### The problem
Would you return the records below character for character, without any images?

Start of Provided records

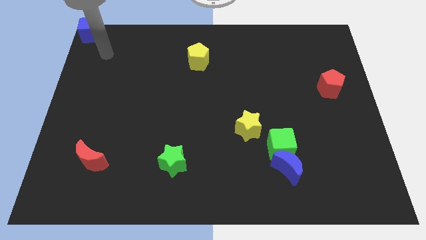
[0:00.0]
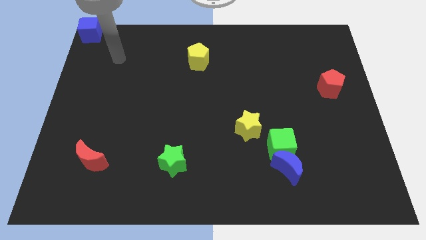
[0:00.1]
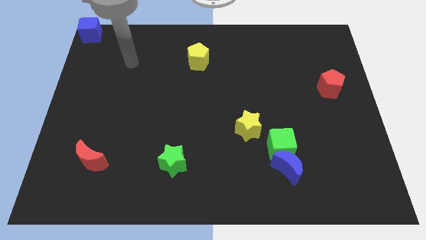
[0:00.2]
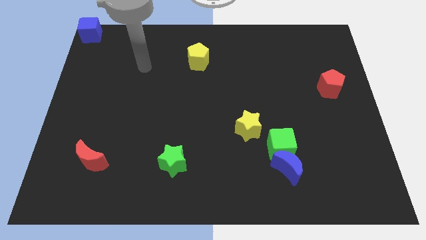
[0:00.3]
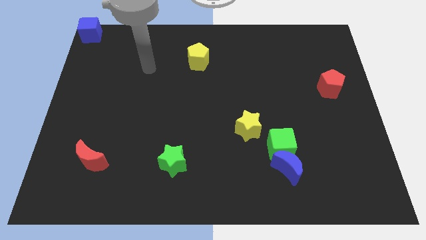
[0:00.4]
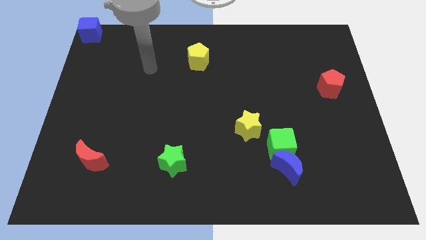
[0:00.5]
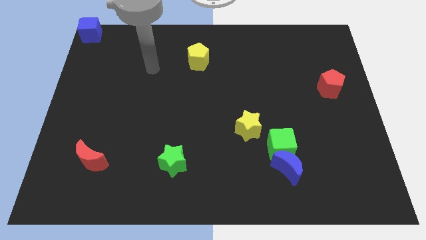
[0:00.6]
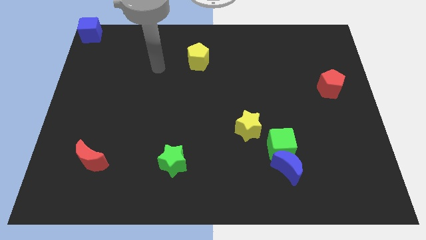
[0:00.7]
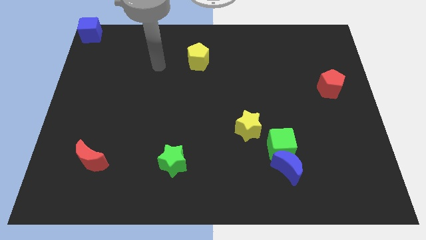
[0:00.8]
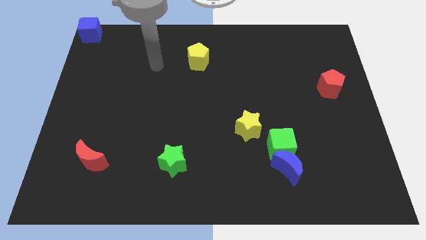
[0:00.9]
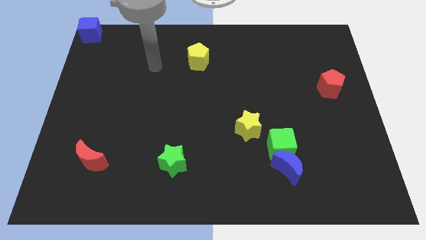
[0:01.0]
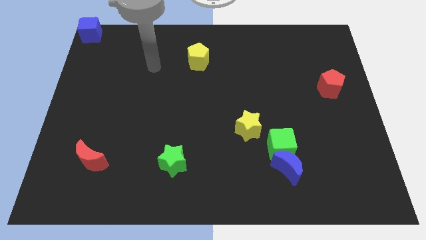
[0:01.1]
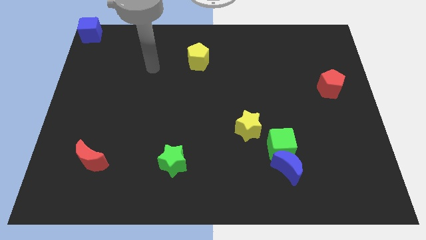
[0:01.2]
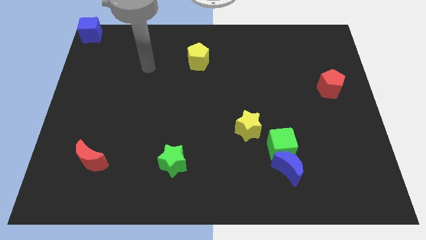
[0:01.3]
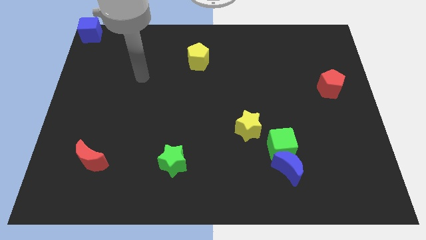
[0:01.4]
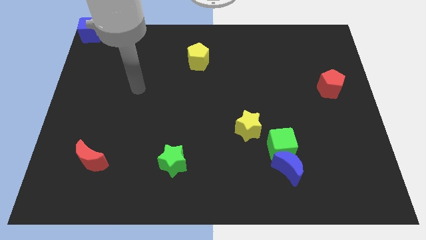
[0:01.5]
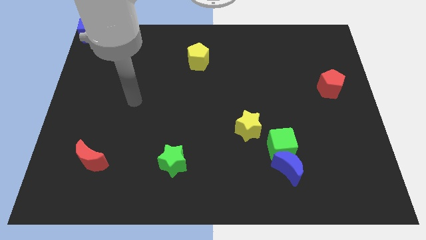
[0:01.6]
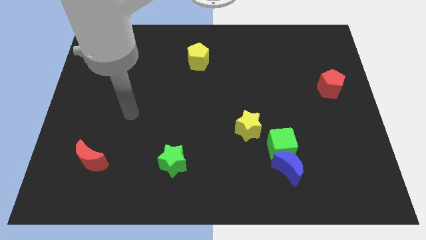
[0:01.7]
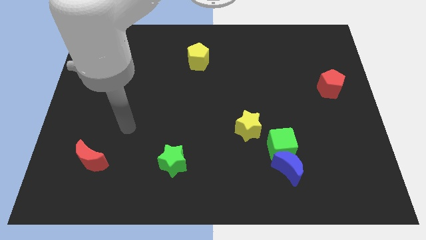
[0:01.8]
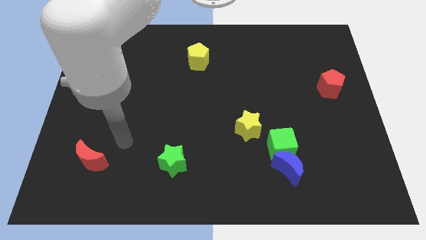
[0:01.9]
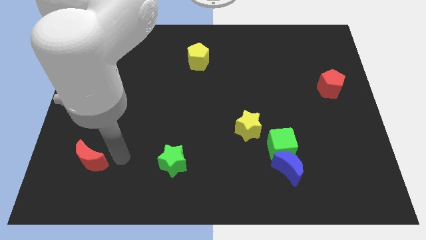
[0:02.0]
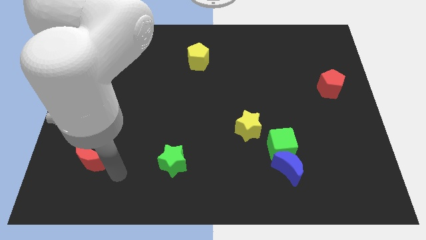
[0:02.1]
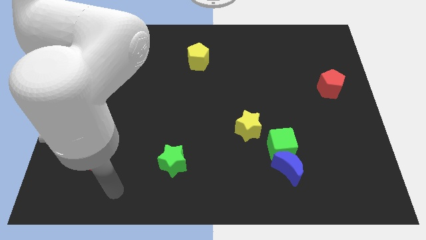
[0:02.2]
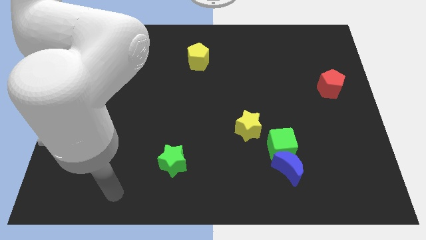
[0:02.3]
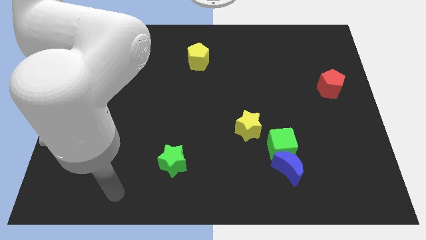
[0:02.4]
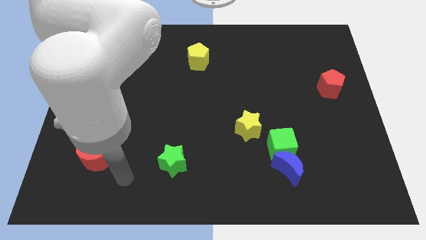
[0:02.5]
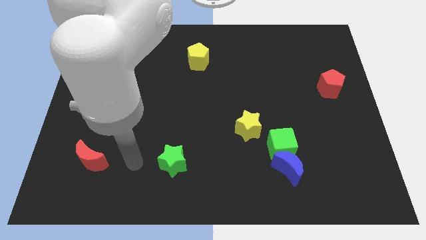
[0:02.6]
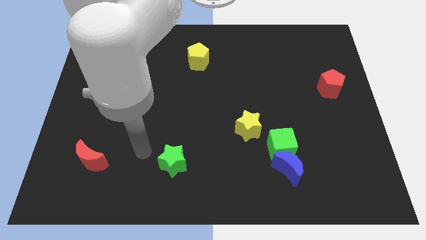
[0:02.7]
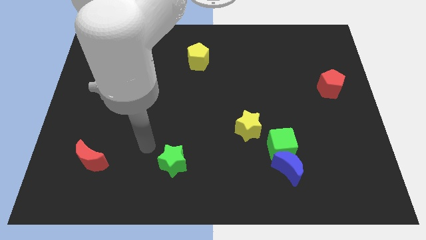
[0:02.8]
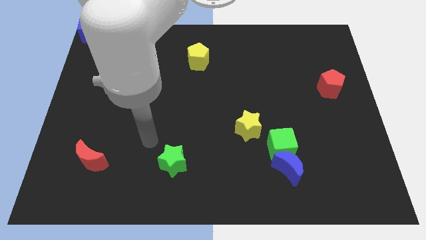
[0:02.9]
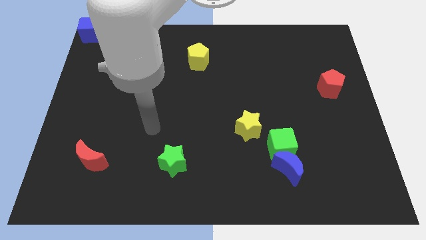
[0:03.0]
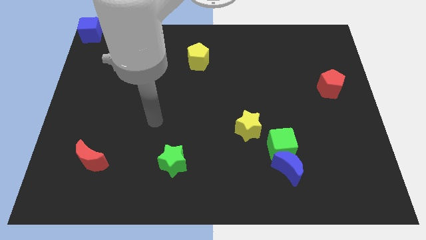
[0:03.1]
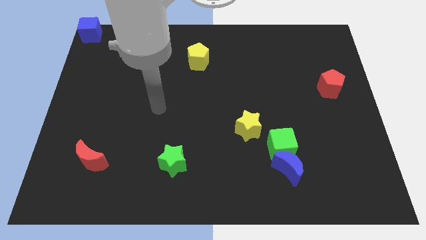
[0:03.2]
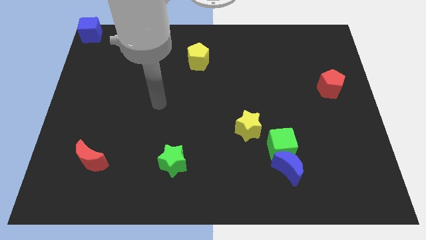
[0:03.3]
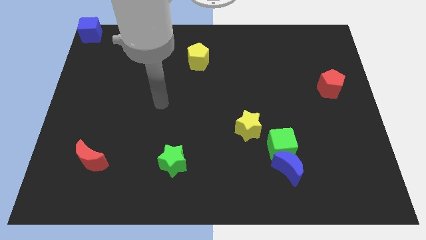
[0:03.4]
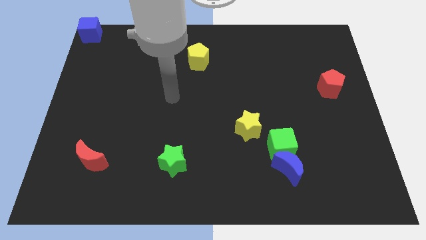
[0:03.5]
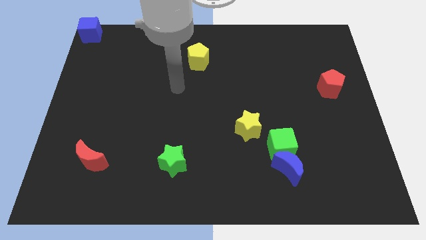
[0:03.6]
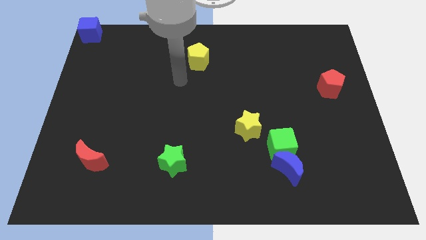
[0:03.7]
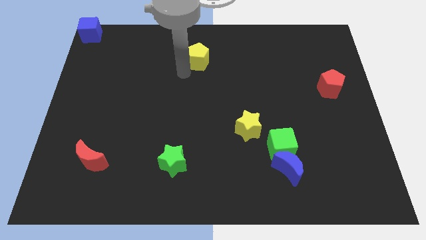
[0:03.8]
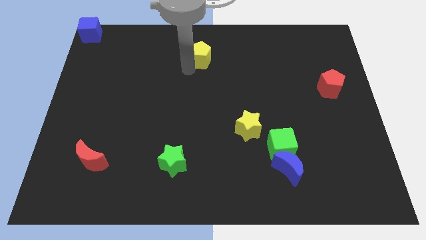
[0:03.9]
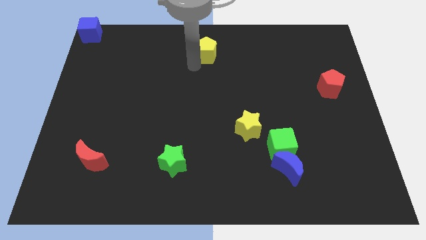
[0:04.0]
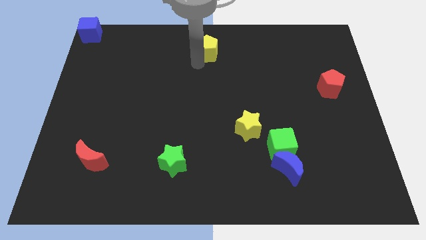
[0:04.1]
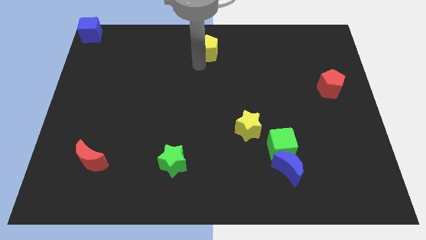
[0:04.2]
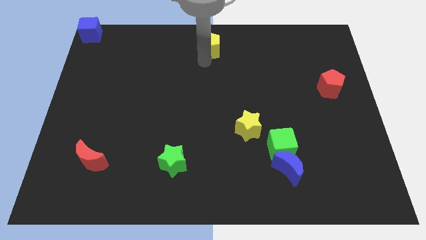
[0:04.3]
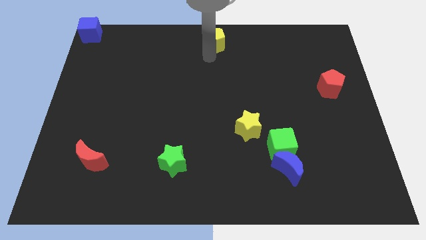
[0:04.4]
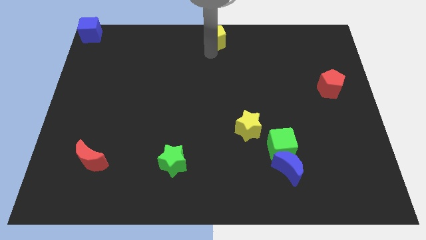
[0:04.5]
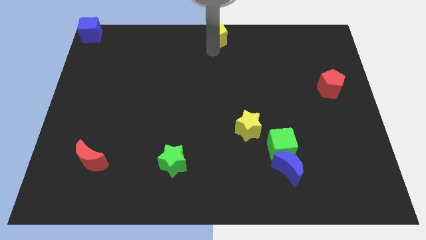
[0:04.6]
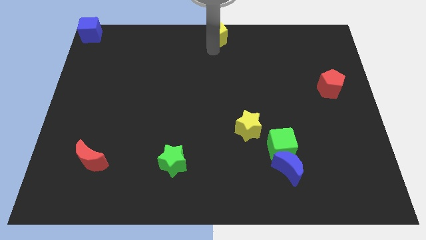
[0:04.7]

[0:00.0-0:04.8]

End of Provided records

### Solution to the problem
[0:00.0]
[0:00.1]
[0:00.2]
[0:00.3]
[0:00.4]
[0:00.5]
[0:00.6]
[0:00.7]
[0:00.8]
[0:00.9]
[0:01.0]
[0:01.1]
[0:01.2]
[0:01.3]
[0:01.4]
[0:01.5]
[0:01.6]
[0:01.7]
[0:01.8]
[0:01.9]
[0:02.0]
[0:02.1]
[0:02.2]
[0:02.3]
[0:02.4]
[0:02.5]
[0:02.6]
[0:02.7]
[0:02.8]
[0:02.9]
[0:03.0]
[0:03.1]
[0:03.2]
[0:03.3]
[0:03.4]
[0:03.5]
[0:03.6]
[0:03.7]
[0:03.8]
[0:03.9]
[0:04.0]
[0:04.1]
[0:04.2]
[0:04.3]
[0:04.4]
[0:04.5]
[0:04.6]
[0:04.7]

[0:00.0-0:04.8]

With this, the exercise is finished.